Required action »
Beginning with the line that holds "<!-- Diagonal strike-through", set down each line of the data below through the very last, exactly as given, and nothing beyond that.

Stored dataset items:
———

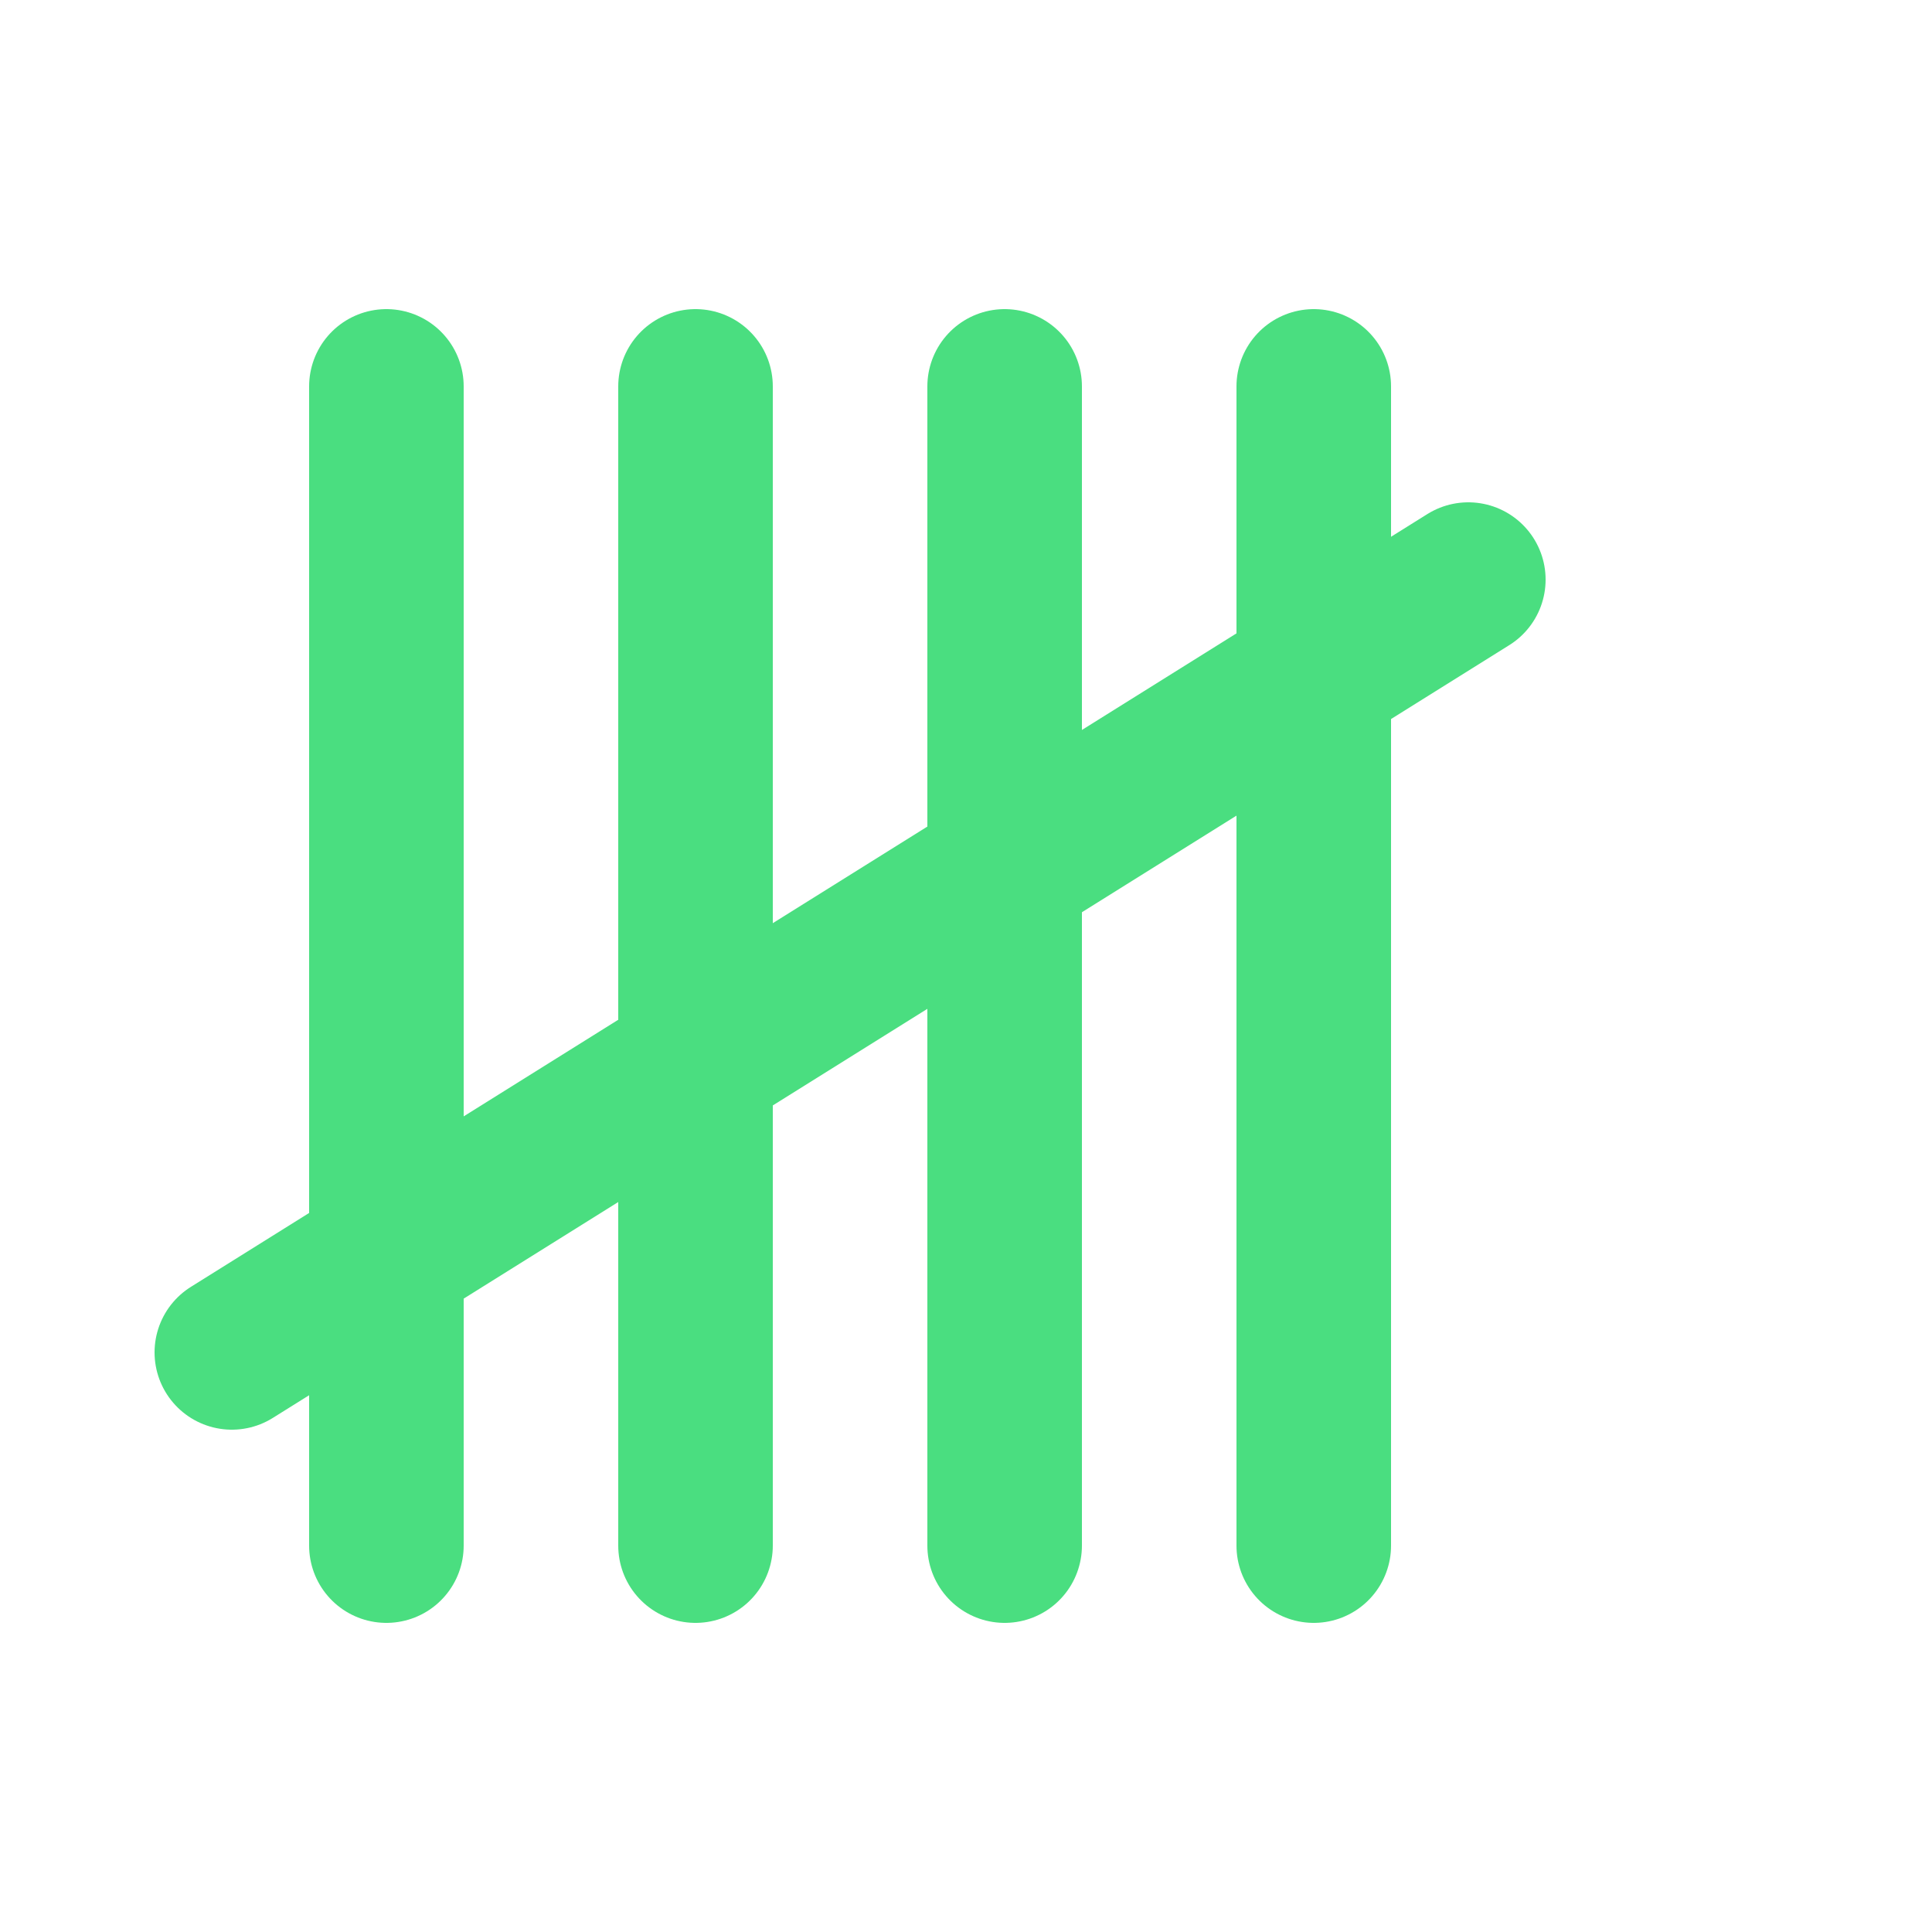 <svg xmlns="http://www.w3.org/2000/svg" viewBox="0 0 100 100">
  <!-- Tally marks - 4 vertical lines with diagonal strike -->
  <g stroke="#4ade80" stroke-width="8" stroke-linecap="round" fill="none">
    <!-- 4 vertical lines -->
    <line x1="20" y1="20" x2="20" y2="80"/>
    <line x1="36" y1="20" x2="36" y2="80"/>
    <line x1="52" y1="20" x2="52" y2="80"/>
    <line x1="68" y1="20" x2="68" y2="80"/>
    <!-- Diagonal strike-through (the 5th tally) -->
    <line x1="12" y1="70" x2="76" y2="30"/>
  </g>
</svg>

———

Worked solution »
    <!-- Diagonal strike-through (the 5th tally) -->
    <line x1="12" y1="70" x2="76" y2="30"/>
  </g>
</svg>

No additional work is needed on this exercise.